Different strokes: Rahul Dravid and Virat Kohli celebrate a century, a few years apart. (Getty Images)
Different strokes: Rahul Dravid and Virat Kohli celebrate a century, a few years apart. (Getty Images)

Legacies are a tricky business, and sporting legacies even more so; these morph all the time, in a heady cocktail of lived history and ice-cold statistics. Someone elevates them by reminiscing about an important century at home, someone else adds to it with a vivid description of a fighting knock overseas, and some others pull it down by throwing statistics against the moving ball or recounting a failed series in a faraway land.

So, when Virat Kohli retired from Test cricket, a frenzy to decipher what it meant took over pundits around the world.

They knew that he was the defining batsman of his era across formats.
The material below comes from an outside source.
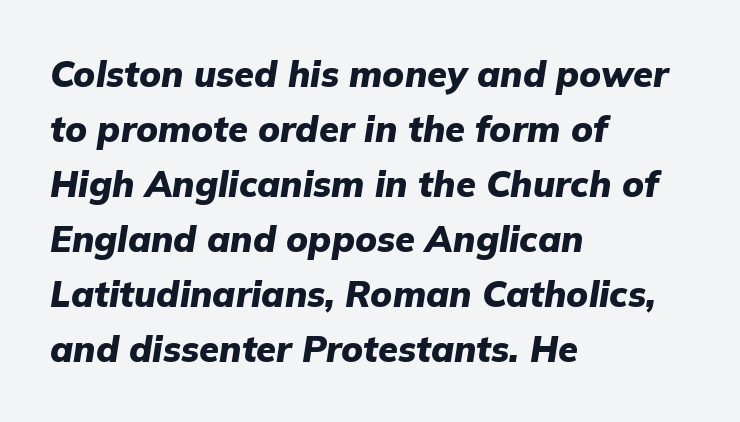
The rag falls on the right side of this text block. How would I describe the line gaps? Plain and ordinary. Do the characters align in a grid? No, the font is proportional. The words here are not underlined. When letters slant like this, we call the style italic. Typographic density is high because the face is bold.

That he didn’t just fashion victories but also rebranded the sport in his own image. That he elevated the art of batting by striking an impossible balance between slashing risks and scoring freely. That he changed cricket’s athletic paradigm by making fitness rather than finesse the foundation of a monumental career.

But they also knew that, with a Test average of 46.85, Kohli didn’t have the numbers to faithfully illustrate his impact. An HT editorial, for instance, perfectly described him as being statistically closer to VVS Laxman and G Vishwanath than Sachin Tendulkar, Sunil Gavaskar and Rahul Dravid.
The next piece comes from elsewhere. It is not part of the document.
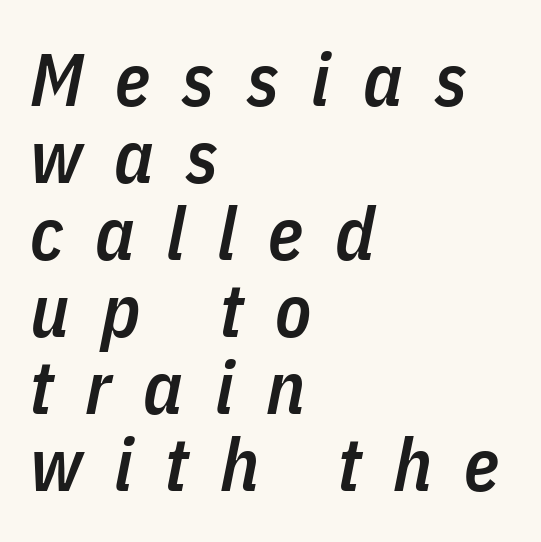
The image shows 74 px semibold, condensed type, italic (leaning right); set left-aligned, tight line spacing (1.04x), unusually wide letter spacing (+0.43 em), not underlined; low stroke contrast and a medium x-height.

Another piece, by the redoubtable sports writer Sharda Ugra, called him “fourth in line behind the biggest of our Test batting Daddies — Tendulkar, Dravid, Gavaskar”.

What struck me, as tribute after tribute rolled in, was that the attempts to aptly place Kohli in the pantheon had led to the rise of a refreshing new theme across the board, one that summed up the complex nature of sporting legacies but also delivered some long-pending justice.

Hold that thought for a moment.

Past the Wall

My favourite Rahul Dravid story is from Islamabad in 2004. We were staying at the same hotel during the third Test at Rawalpindi — I was a cricket writer then; he was already one of the Fab Four — and we ended up having dinner with a small group of common friends and acquaintances. It was the evening after the first day’s play and Dravid was 10 not out. As he got up to leave, we pressed him to stay for a few more minutes. “No, no, no,” he replied with a smile, “I’d better go get some rest. I have to bat the whole day tomorrow.” We laughed at his use of the words “the whole day” and waved goodbye.

Against a barrage from Shoaib Akhtar and Mohammad Sami the next morning, Dravid stayed true to his word. He was 134 not out at close of play on Day 2. Then, for good measure, he batted another two-and-a-half sessions on Day 3, for his highest Test score: a match-winning, series-altering, and what ought to have been legacy-defining, 270.

But India has had a strange relationship with Dravid.

Over the years, we celebrated his resolve, fortitude and technical perfection at the crease, his gallantry in the slip cordon, and his grace off the field. But we rued the fact that he didn’t have the qualities modern fandom demands. He was not dashing, flamboyant or overtly aggressive. He didn’t set pulses racing. On the contrary, his virtues were of the kind that young, restless icon-makers scoff at instead of seeking to emulate.

I’ve always held that his nickname The Wall, born of good intentions, did him a great disservice. A wall is a passive obstacle that wears down attackers without mounting a retaliation of its own. A wall can’t do what Dravid did on countless occasions (Hamilton, 1999; Leeds, 2002; Adelaide, 2003; Rawalpindi, 2004; Jamaica, 2011): charge at the opposing army, slay warriors in the path, and hoist a flag in the enemy’s citadel. Sure, there were instances when he chose to take on the role of a wall, but how could a sobriquet that barely begins to describe Dravid be used to sum him up?

His worldwide exploits and a Test average of 52.31 were somehow never enough to give him his rightful place in the Indian batting pantheon. During his career, the comparisons were always between Gavaskar and Tendulkar. Once he stepped away, the GOAT conversation hovered around Gavaskar, Tendulkar, Kohli.

Now, at long last, the discussion has broadened. At the time of the iconic Virat Kohli’s departure from red-ball cricket, another legend has been revisited and a legacy restored. Even if there will be no lines outside the barbershop for a Rahul Dravid cut.